- Unidentified hackers access Air France and KLM via a third -party service provider
- The attackers stolen names, contact details and more
- Passport data were not compromised
Air France and KLM Royal Dutch Airlines recently confirmed cyber attacks in which the two airlines have lost sensitive customer data.
The companies, both detainees by the same company to hold airlines, sent letters of data violation notification to the customers concerned and in a shared press release with TweakersKLM said the incident occurred when threat stakeholders broke into a third -party service provider.
“An unusual activity was detected on a third-party platform used by our contact centers, which led our IT security team, as well as the third party system involved, to quickly implement corrective measures to end the incident,” said the company also Cyberness.
Was it a scattered spider?
We do not know exactly how many people have been affected by the breach, but the airlines transport more than 80 million people each year.
The information stolen in this attack includes the complete names of people, the contact details, the flying blue numbers and the level levels, as well as the service request emails.
Fortunately, passport numbers, payment card details, passwords or flying blue miles sales (the airline loyalty program) were not stolen.

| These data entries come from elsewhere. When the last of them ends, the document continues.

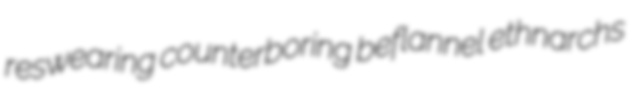
reswearing counterboring beflannel ethnarchs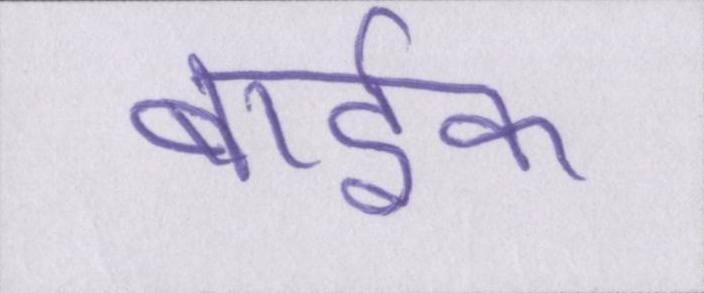
बार्इक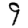
Digit: 9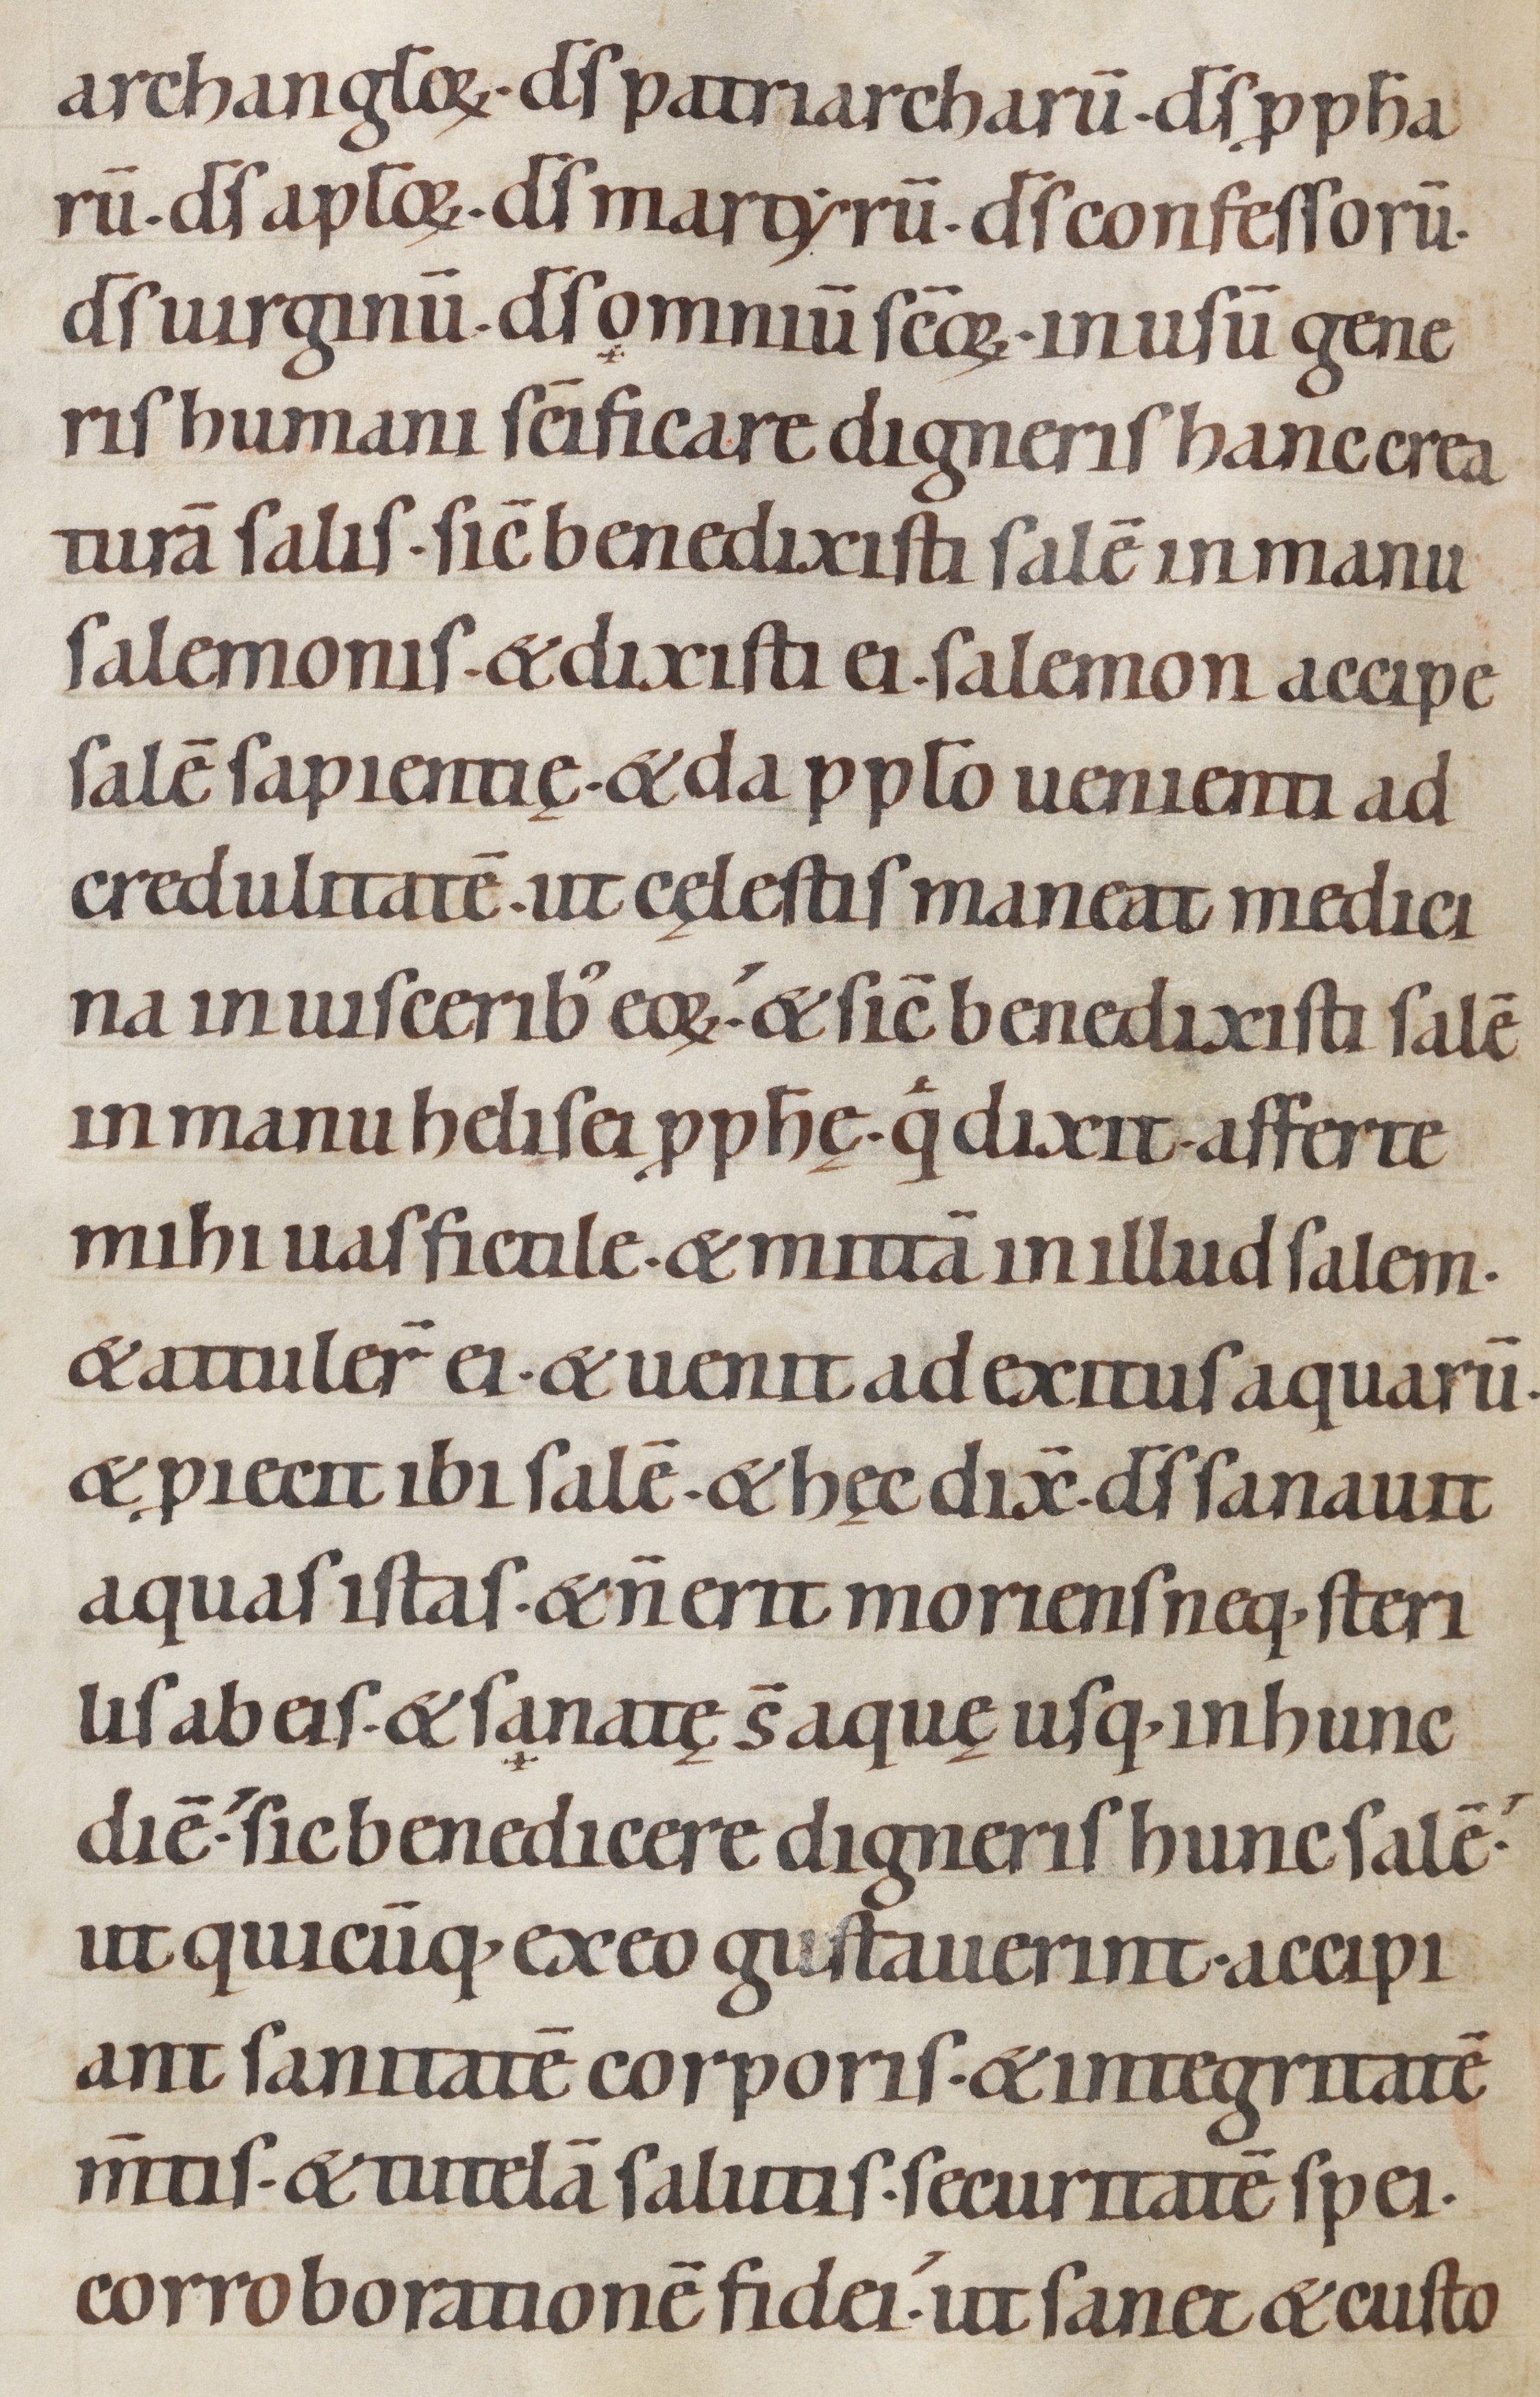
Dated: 1100–1199

There was no word on the attackers and no one claimed the responsibility of the attack.
However, at the end of June 2025, the FBI warned dispersed spider hackers now increased targeted airlines.
SPORED SPIDER works by usurping the identity of the company’s staff and by convincing employees of the IT service that they have lost access to their corporate accounts.
After accessing the initial access, they map the company, identify high -level individuals, then repeat the process until they have access to accounts through which they can steal data.
The hacking group struck Qantas in early July 2025, and Hawaiian Airlines at the end of June, and Russian Aeroflot, American Globalx and Canadian Westjet have all undergone similar incidents in recent months.